Elle ne bouge plus, l'équilibre est rompu. Elle ne peut pas revenir en arrière.
« C'était mon père. Avant moi il faisait ce métier aussi. »
Il pose son regard sur elle, il a senti son hésitation, sa réticence à parler de lui.
« Est-ce qu'il était comme toi ? »
« Un monstre tu veux dire ? »
« Non ! Je ne voulais pas… »
Elle le coupe, pressée.
« C'était un véritable monstre, une pourriture. »
Le silence s'installe, Portgas semble perdu dans ses pensées. Elle n'ose plus parler. Surtout pas de lui. Il ne mérite pas que l'on parle de lui. Elle veut changer de sujet, mais elle ne sait pas quoi dire. C'est lui qui reprend la parole. Elle retient sa respiration.
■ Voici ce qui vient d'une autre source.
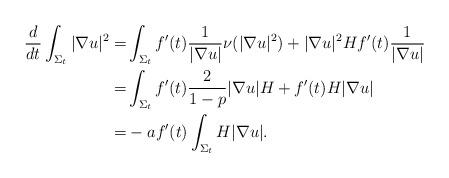
LaTeX: \begin{align*}\frac{d}{d t} \int_{\Sigma_t} |\nabla u|^2=& \int_{\Sigma_t} f'(t) \frac{1}{|\nabla u|} \nu (|\nabla u|^2)+ |\nabla u|^2 H f'(t) \frac{1}{|\nabla u|} \\=& \int_{\Sigma_t} f'(t) \frac{2}{1 - p} |\nabla u| H + f'(t) H |\nabla u| \\=& - af'(t) \int_{\Sigma_t} H |\nabla u|.\end{align*}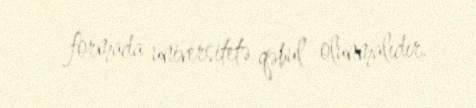
formada universitetə qəbul olunmalıdır.

« Mon père aussi était une pourriture. »
Elle soupire, de soulagement peut-être. Elle ne sait pas trop. Elle s'engouffre dans l'ouverture.
« Tu l'as connu ? »
« Non, il était mort quand je suis né. »
« Et ta mère ? »
« Elle est morte en me donnant la vie. »
« Elle devait être vraiment courageuse alors. »
« Oui, je lui dois tout. »
« Ma mère était une prostituée, elle m'aurait surement abandonné si mon père ne l'avait pas tué. »
Le silence s'installe, elle a conscience d'en être la cause mais c'est la vérité, elle ne peut pas la changer. Alors elle reprend, du mieux qu'elle peut. Elle n'a jamais été douée pour parler.
« Aux parents qui craignent ? »
Elle lui tend la main et après l'avoir regardé, il la saisie.
« Aux parents qui craignent. »
Il reprend quelques instants plus tard.
« J'ai un petit frère, un vrai crétin. »
« Tu es sur qu'il puisse exister une personne plus stupide que toi ? »
Il frappe gentiment son épaule et elle reprend.
« Je suis fille unique. Enfin, je crois, j'espère. J'aurai aimé avoir un frère. »
« Le mien n'est vraiment pas un cadeau ! Si tu savais à quel point ce gamin peut être idiot ! »
« Plus que toi tu veux dire ? »
« Arrête avec ça ! »
Et elle l'écoute parler pendant les heures qui suivent, alors que le soleil décline au loin. Il lui parle de son frère et elle imagine à quoi il doit bien pouvoir ressembler. Surement un personnage haut en couleur.
Pas une fois, ils ne parlent de ce qu'il s'est passé sur le pont. Ils n'ont pas oublié mais si Portgas n'en parle pas alors elle ne va certainement pas lancer le sujet.
Pendant les heures qui suivent, il parle de lui et elle l'écoute sans jamais parler d'elle. Ils ne sont pas des amis mais, ils ne sont plus des connaissances non plus.
Jean ne sait pas vraiment ce qu'est ce sentiment qui réchauffe son corps lentement, peut-être juste la manifestation du fruit du commandant mais, elle n'a pas vraiment envie que ça s'arrête. Pas toute suite.